A seasonal climatology of effective diffusivity in the stratosphere

A 7-year (1992-1998) seasonal climatology of effective horizontal diffusivity is presented for the stratosphere (350-1900 K). As in previous studies, the diagnosis is based on the equivalent length of a test tracer advected on isentropic surfaces, in this case using the van Leer flux-limiting scheme driven by the United Kingdom Meteorological Office assimilated winds. Although the magnitude of equivalent length is resolution dependent, its structure is shown to be reasonably robust for quantifying the inhomogeneous mixing in the stratosphere. The van Leer calculation agrees well with a more expensive spectral transform calculation at a comparable resolution, suggesting that the diagnostic is not sensitive to the advection scheme or subgrid representation of the models. A first attempt is also made at estimating the implicit numerical diffusion of the van Leer scheme, which is necessary to convert equivalent length to effective diffusivity. Compared with the spectral calculations with a constant diffusion coefficient, the van Leer results show notably greater diffusivity within the winter polar vortices despite the comparable equivalent lengths, suggesting that the scheme may be overdiffusing in the vicinities of mobile tracer extrema. The climatology of equivalent length is then presented, and the seasonal evolution is discussed in detail for the lower, middle, and upper stratosphere. The major mixing barriers (winter and summer polar vortices and tropical eddy transport barrier) are easily identified, as well as the strong mixing regions (surf zones).
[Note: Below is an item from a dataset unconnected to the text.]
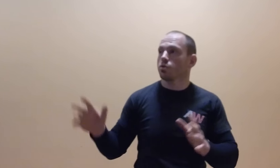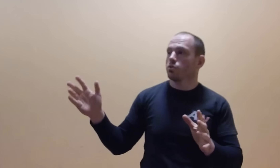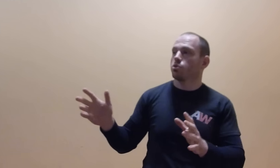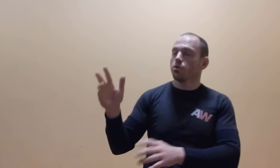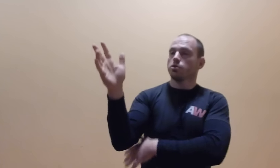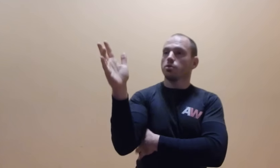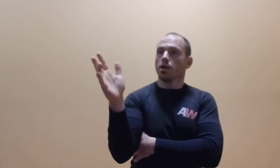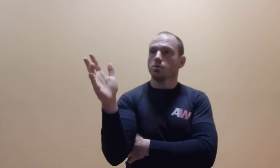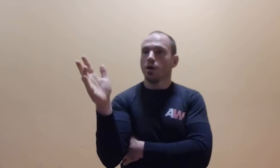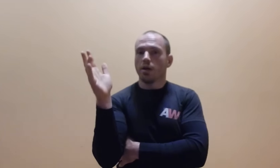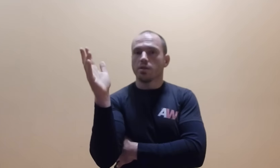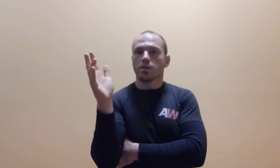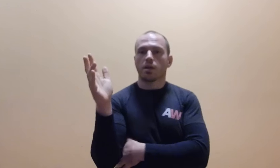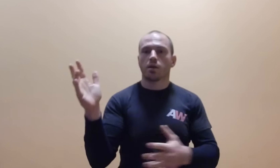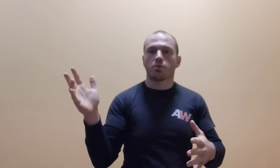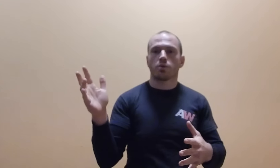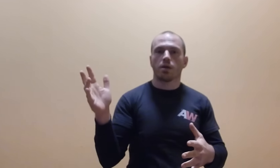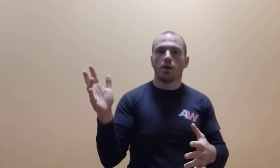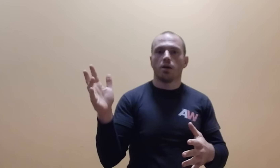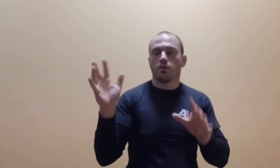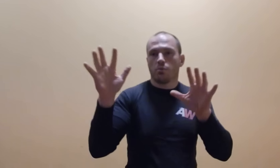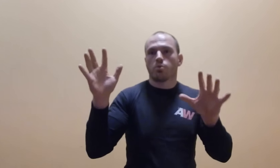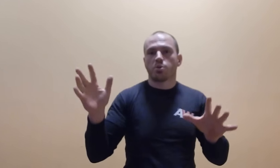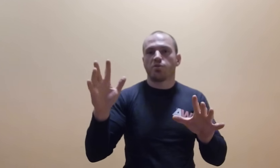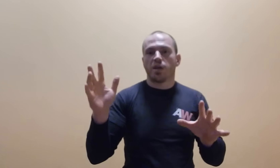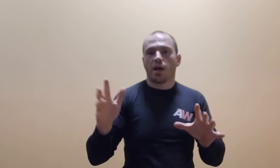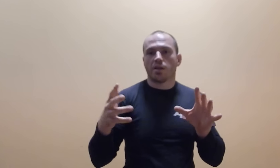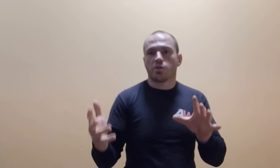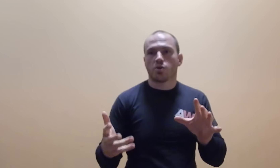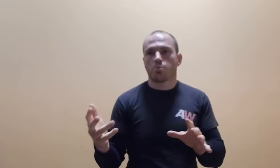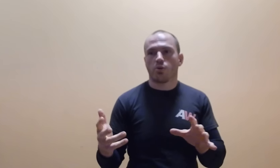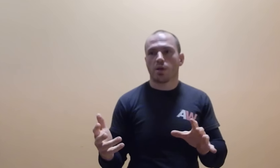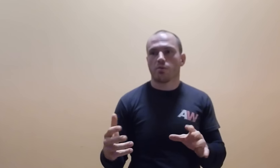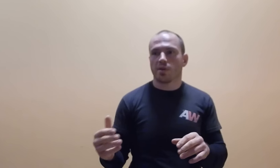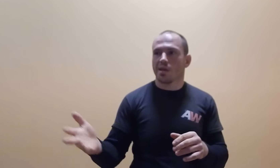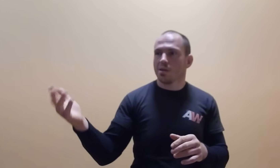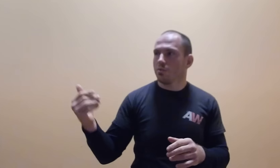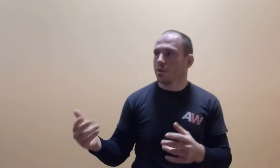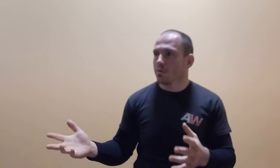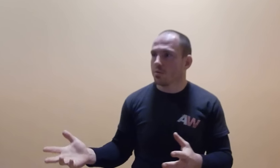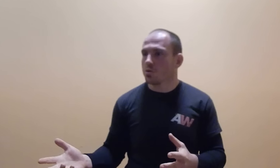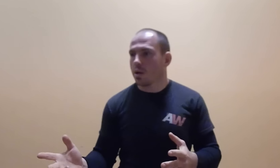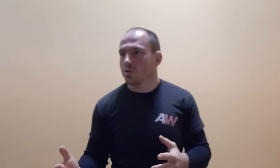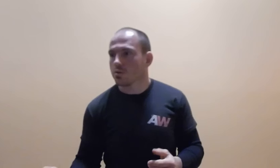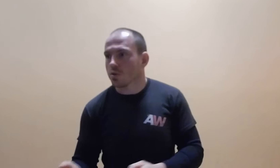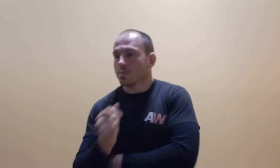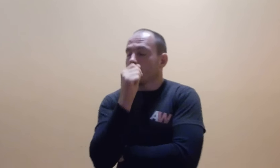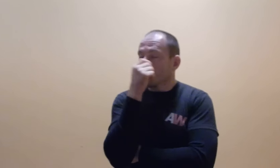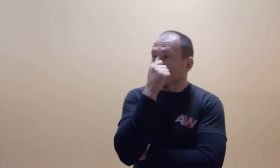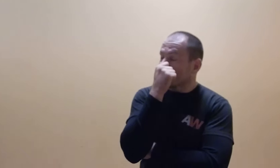ktoś przychodzi od razu, jest jedna ręka tutaj. Mogą być dwie, ale jeśli to jest spokojna konwersacja, bo tam, nie wiem, przy barze i ktoś rozmawia, sobie

Generally, equivalent length tends to be small in regions of strong zonal wind and large in regions of weak wind. Large values of equivalent length are observed in the summer lower stratosphere and in the middle stratosphere during the breakup of the polar vortices. Interhemispheric asymmetry is observed both after the winter polar vortex breakup, where in the middle stratosphere the Southern Hemisphere shows much larger equivalent lengths, and in the summer tropical region, where larger equivalent lengths are observed in the Northern Hemisphere, likely related to the monsoon circulation. A monthly averaged equivalent length climatology is presented, and implications for two-dimensional stratospheric chemistry-transport modeling are discussed.